Now, the repos role (from here [direct link]) parses this information and passes it to the relevant states.

This would even work with multiple mirrors exporting different repositories (the logic is there) to form kind of a high availability mirror cluster, but fails because the pkgrepo state ignores all URLs for baseurl except the first one, even though multiple URLs are supported by yum (see yum.conf(5)). Anyways, when using only a single mirror (which should be enough), it works as intended.

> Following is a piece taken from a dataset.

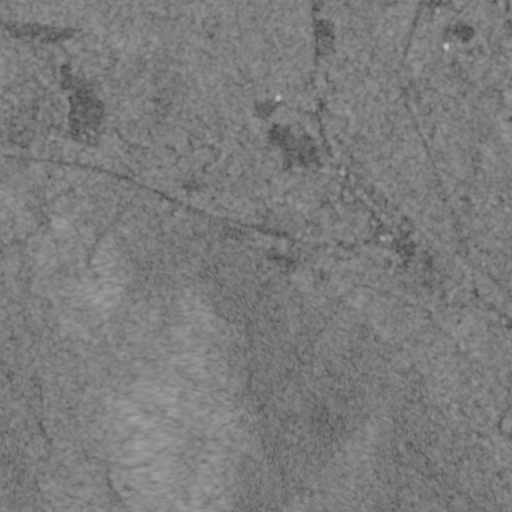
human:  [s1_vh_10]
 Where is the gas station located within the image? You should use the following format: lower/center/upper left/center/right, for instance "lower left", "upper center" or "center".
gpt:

A custom repository for non-default packages

Installing packages manually is always a bit of a bad habit in an automated environment. Updating and uninstalling is a pain, as is keeping an overview of what is installed where. For this reason, installing from packages should be preferred when possible. The problem is that building packages is a nightmare (at least RPMs and DEBs). This is what fpm aims to solve, by providing a way to create packages as easily as possible. This, together with a custom repo to distribute the packages, makes management of custom software much easier. It works like this:

First, a new repository is needed, called custom, that contains -- well -- custom packages. On our mirror server:

[~]$ sudo mkdir -p /srv/www/packages/custom/centos/7/x86_64/

Now we need something to put there. As an example, let's package the syncrepo script mentioned above. We need a user for building packages (building as root is evil™), and install fpm:

[~]$ sudo useradd -d /var/build -m build
[~]$ sudo yum install -y ruby-devel gcc rpmbuild createrepo
[~]$ sudo -su build

build[~]$ cd ~
build[~]$ gem install fpm

Now, set up the directory structure for building the package and get the code:

build[~]$ mkdir syncrepo
build[~]$ mkdir syncrepo/package
build[~]$ mkdir syncrepo/upstream
build[~]$ cd syncrepo/upstream
build[~]$ git clone https://github.com/hakoerber/syncrepo

A Makefile is used to call fpm:

VERSION=1.0
DESCRIPTION="Script to create and maintain a local yum package repository"
URL=https://github.com/hakoerber/syncrepo

.PHONY: package
package:
    (cd upstream && git pull origin master)
    fpm \
    -t rpm \
    -s dir \
    --package ./package/ \
    --name $(NAME) \
    --version $(VERSION) \
    --description $(DESCRIPTION) \
    --url $(URL) \
    --force \
    --depends rsync \
    --depends "python34" \
    --exclude "*/.git" \
    --config-files /etc/ \
    ./upstream/syncrepo=/usr/bin/ \
    ./upstream/repos.example=/etc/syncrepo.conf

A simple

build[~/syncrepo]$ make

will now build the package and put it into the package directory. Nearly done! The only thing left is to make the package available over HTTP. First, it has to be copied into our custom repository:

[~]$ sudo cp /var/build/syncrepo/package/syncrepo-1.0-1.x86_64.rpm /srv/srv/www/packages/custom/centos/7/x86_64/

The last thing that has to be done on the server is building the repository metadata wtth createrepo (that was installed above):

[~]$ sudo createrepo -v --no-database /srv/srv/www/packages/custom/centos/7/x86_64/

To make the other servers use the repo, they have to know about it. Let's make salt do this. First, we again have to "advertise" the repo in reclass:

parameters:
  applications:
    localrepo:
      domain: "lab"
      repos:
        ...
        custom:
          url: "custom/centos/$releasever/$basearch"

After the next salt run, all servers will be able to access the custom repo, and we can install syncrepo the "clean" way with

[~]$ sudo yum install -y syncrepo

Conclusion

That's all! Now, every server in the lab gets all its packages from a central, always up-to-date mirror, which speeds up downloading and is much nicer to the upstream mirrors. Also, custom RPMs can be made available to all servers to easily distribute custom or self-maintained software.